START Data to process

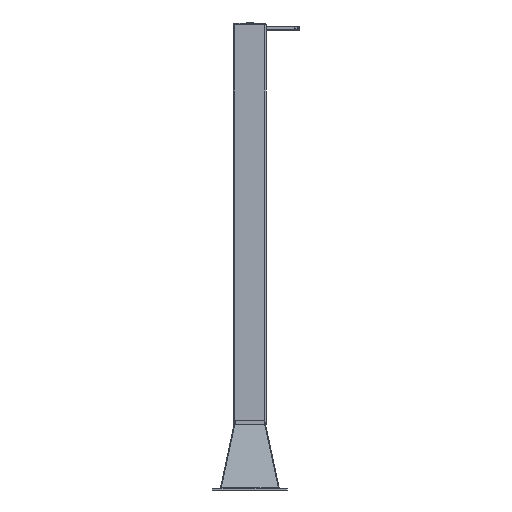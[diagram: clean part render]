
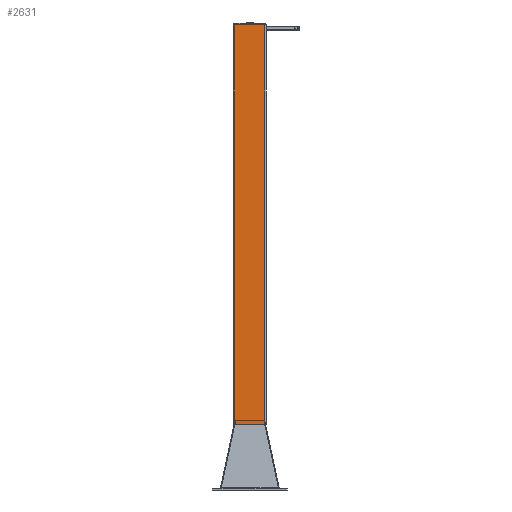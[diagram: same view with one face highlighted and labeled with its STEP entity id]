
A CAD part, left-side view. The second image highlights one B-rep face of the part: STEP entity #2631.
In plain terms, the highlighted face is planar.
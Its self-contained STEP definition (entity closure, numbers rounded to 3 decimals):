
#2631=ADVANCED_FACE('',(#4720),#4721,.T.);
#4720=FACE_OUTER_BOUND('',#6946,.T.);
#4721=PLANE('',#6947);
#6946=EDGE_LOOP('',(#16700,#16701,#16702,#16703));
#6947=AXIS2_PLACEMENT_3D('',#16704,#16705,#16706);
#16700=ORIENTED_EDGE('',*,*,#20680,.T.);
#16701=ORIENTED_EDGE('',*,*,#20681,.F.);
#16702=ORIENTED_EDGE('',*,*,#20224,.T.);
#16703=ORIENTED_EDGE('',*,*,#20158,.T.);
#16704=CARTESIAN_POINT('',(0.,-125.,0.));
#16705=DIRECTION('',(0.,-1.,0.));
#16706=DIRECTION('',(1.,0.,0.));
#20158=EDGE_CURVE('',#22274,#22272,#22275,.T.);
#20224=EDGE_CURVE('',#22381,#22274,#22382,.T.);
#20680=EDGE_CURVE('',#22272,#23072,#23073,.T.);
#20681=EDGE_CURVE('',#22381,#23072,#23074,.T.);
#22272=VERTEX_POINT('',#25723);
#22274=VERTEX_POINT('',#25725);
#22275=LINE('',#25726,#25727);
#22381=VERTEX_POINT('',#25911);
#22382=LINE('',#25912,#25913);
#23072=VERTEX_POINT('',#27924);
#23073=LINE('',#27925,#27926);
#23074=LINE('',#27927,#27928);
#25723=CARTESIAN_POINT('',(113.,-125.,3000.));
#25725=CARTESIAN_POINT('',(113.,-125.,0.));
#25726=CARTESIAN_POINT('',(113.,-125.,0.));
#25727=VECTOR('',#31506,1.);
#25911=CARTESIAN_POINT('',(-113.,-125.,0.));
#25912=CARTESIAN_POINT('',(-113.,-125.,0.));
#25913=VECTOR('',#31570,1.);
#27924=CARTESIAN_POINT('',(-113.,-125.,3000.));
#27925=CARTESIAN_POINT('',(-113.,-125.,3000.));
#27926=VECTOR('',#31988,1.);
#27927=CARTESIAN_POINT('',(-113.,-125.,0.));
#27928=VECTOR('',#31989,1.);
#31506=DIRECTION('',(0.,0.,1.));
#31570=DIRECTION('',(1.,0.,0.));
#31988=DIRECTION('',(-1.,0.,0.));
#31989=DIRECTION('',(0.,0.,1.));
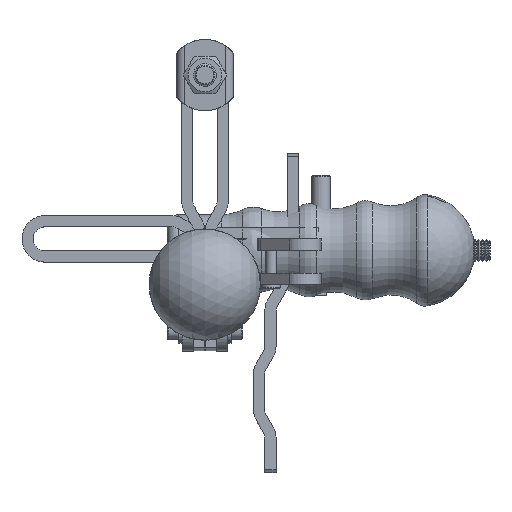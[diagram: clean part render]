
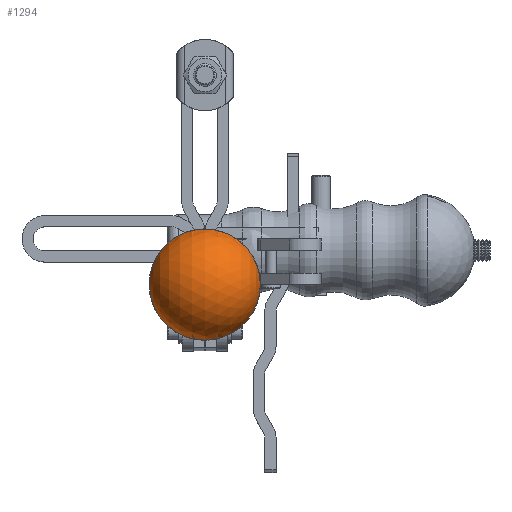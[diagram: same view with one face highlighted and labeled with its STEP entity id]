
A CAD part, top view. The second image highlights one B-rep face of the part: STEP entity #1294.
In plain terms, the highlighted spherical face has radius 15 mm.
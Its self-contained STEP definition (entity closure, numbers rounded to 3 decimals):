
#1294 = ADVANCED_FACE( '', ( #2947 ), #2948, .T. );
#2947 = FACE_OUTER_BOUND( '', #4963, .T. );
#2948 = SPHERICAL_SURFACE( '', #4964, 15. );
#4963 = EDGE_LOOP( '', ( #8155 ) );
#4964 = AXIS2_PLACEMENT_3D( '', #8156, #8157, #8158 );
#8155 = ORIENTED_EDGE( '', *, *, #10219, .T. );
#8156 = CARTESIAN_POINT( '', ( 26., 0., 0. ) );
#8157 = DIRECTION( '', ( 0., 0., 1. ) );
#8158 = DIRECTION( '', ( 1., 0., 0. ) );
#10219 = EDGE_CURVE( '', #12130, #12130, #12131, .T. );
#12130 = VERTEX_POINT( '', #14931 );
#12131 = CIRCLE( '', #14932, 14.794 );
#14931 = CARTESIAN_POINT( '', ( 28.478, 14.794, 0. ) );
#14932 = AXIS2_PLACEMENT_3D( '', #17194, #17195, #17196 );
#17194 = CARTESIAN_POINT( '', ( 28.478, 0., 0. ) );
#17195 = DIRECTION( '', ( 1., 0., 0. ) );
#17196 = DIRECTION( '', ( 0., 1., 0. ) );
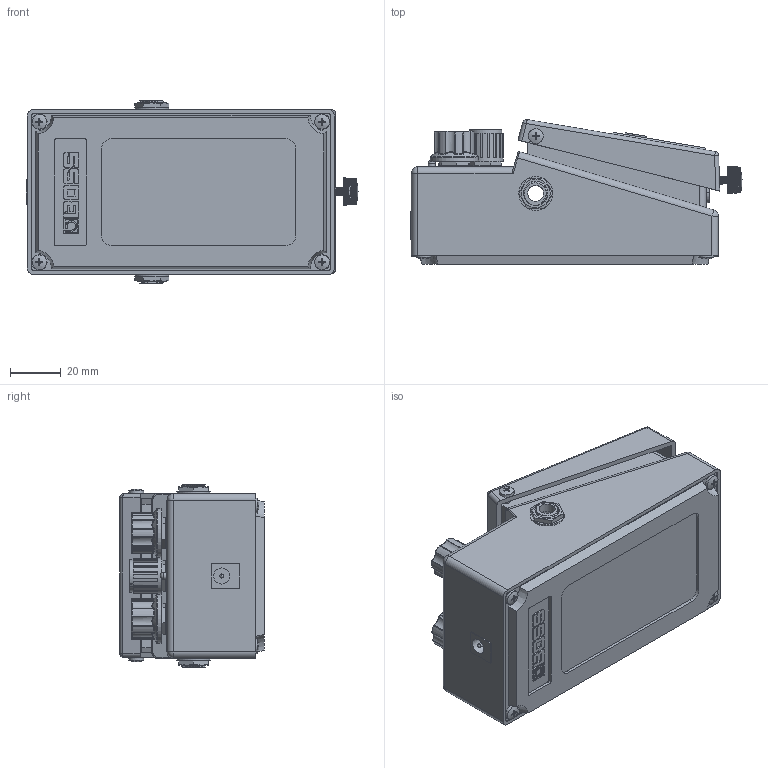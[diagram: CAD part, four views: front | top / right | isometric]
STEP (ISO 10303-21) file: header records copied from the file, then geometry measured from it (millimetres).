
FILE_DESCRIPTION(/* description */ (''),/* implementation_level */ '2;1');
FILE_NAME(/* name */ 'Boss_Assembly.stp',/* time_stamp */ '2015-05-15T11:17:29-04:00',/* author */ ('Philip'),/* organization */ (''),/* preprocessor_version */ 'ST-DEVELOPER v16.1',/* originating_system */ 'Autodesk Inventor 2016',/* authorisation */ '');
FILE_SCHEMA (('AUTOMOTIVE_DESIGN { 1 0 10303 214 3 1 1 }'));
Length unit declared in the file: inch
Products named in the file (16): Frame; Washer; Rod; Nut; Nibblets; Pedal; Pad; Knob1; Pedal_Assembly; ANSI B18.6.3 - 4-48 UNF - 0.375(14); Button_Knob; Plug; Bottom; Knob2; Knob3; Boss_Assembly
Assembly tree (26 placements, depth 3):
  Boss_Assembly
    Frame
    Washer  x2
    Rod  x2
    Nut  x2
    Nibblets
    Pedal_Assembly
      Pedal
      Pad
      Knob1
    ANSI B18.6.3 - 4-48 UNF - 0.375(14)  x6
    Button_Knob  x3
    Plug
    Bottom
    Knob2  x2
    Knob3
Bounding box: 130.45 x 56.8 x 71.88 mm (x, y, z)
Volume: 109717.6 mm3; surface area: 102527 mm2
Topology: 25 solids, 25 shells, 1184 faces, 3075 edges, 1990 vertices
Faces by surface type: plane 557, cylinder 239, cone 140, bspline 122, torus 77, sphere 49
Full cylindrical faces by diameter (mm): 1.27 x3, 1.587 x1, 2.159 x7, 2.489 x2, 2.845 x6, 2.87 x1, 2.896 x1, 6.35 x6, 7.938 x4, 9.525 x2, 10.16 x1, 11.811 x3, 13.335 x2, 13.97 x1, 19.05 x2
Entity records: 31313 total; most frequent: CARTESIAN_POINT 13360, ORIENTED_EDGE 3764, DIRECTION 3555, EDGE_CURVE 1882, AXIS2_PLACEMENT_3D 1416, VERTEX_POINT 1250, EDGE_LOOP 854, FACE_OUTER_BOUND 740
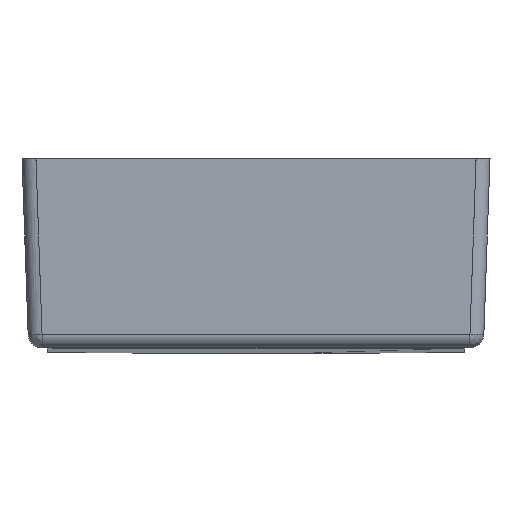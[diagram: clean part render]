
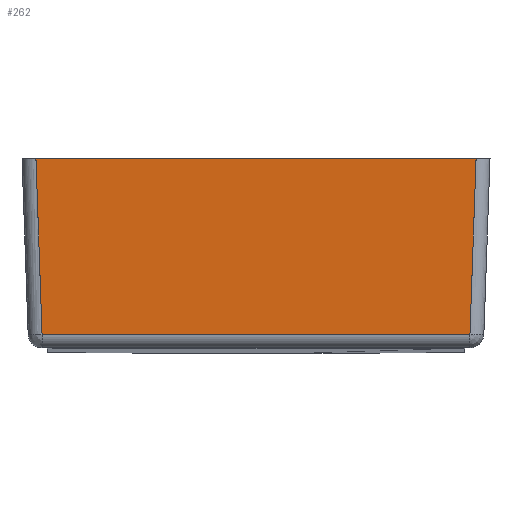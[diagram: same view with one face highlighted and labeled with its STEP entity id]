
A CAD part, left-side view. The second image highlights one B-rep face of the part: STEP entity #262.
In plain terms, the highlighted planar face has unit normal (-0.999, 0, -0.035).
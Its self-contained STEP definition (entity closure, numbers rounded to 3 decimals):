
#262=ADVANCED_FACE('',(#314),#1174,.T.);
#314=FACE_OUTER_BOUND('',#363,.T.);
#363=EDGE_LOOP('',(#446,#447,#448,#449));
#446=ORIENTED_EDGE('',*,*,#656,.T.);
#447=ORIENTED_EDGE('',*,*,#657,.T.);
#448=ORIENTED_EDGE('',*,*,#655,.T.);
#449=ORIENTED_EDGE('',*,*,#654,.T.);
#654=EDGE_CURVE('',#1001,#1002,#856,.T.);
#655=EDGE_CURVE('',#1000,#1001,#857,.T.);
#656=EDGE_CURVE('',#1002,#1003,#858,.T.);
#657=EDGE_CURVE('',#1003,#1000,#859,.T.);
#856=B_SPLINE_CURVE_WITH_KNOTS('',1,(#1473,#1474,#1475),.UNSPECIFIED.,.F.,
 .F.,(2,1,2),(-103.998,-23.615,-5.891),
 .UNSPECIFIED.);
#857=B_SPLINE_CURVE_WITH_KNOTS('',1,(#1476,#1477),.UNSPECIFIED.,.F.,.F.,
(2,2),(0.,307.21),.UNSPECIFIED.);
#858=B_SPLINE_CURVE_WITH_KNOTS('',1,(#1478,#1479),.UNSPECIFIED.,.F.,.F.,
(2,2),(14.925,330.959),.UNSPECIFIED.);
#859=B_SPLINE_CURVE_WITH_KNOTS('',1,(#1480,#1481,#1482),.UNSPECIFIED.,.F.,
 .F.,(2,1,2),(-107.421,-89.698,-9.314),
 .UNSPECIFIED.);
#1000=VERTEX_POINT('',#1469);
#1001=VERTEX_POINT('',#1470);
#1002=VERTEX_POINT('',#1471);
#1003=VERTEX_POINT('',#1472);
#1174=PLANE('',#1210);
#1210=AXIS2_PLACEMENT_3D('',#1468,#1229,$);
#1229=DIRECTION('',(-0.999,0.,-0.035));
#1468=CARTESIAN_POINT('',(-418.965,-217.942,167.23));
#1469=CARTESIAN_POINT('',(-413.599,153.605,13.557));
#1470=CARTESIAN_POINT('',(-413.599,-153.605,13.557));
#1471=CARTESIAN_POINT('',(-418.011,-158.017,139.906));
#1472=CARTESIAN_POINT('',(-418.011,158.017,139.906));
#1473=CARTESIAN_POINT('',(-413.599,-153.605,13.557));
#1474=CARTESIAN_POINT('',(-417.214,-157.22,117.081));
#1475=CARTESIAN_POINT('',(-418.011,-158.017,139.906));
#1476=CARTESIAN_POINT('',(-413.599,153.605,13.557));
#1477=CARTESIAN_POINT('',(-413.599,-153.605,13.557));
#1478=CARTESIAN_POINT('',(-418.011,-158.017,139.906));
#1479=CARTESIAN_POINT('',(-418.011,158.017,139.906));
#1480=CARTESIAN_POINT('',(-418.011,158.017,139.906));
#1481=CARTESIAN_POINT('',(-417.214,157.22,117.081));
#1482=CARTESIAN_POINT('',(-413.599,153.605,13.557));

END Data to process

» Directions:
Word for word, output the lines from the beginning of the listing through the line holding "In plain terms, the highlighted face" and nothing beyond them. Omit the pictures.

» Task response:
[diagram: clean part render]
[diagram: same view with one face highlighted and labeled with its STEP entity id]
A CAD part, left-side view. The second image highlights one B-rep face of the part: STEP entity #2631.
In plain terms, the highlighted face is planar.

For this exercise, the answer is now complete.